The embodiment of the present invention has been described in detail above, but this is merely an example. For example, in the present invention, zirconia, magnesia and other oxides can be used in addition to the above alumina as the metal oxide, and other manufacturing methods other than the upper side may be used as a manufacturing method of the mold wall. The present invention can be configured in various modified forms without departing from the gist of the present invention.

[Brief description of the drawings]

FIG. 1 is a perspective view showing a part of a main part of an electromagnetic casting mold according to an embodiment of the present invention, with a part cut away.

FIG. 2 is a sectional view of a main part of the electromagnetic casting mold of FIG.

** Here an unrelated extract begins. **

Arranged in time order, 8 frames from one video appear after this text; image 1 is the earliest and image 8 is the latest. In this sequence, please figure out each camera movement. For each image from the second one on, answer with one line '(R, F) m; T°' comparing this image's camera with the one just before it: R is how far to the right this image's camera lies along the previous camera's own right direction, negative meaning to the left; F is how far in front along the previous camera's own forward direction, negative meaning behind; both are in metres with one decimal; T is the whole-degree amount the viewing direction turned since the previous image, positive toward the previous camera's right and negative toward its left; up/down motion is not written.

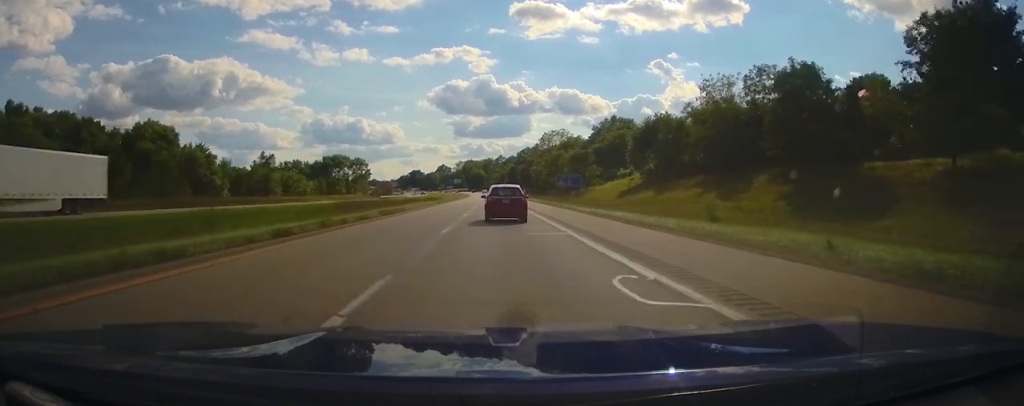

FIG. 3 is a view showing an example of a method for manufacturing the mold wall of FIGS. 1 and 2.

FIG. 4 is a partially cutaway perspective view showing a main part of an electromagnetic casting mold according to another embodiment of the present invention.

FIG. 5 is an explanatory view of a conventional electromagnetic casting mold and its defects.

[Explanation of symbols]

 10, 40 Mold for electromagnetic casting 12 Mold wall 18 Cooling chamber 20 Electromagnetic coil 28 Conductive part 30 High resistance part 32 Copper alloy plate 34 Powder raw material

Claims (2)

[Claims] (1) A conductive portion made of a conductive metal material and a high-resistance portion which is constituted by including a metal oxide and has a high electric resistance with respect to the conductive portion are alternately arranged in the circumferential direction. And (b) a cooling chamber formed on the outer peripheral side of the mold wall so as to surround the mold wall, and through which a cooling medium is passed. And an electromagnetic coil housed inside the cooling chamber so as to surround the mold wall. 2. The conductive part according to claim 1, wherein the conductive part is made of copper or a copper alloy, and the high-resistance part contains a metal oxide powder and a copper or copper alloy powder of the same kind as the constituent material of the conductive part. A mold for electromagnetic casting, comprising a sintered body of raw powder, wherein the conductive part and the high resistance part are integrated by sintering.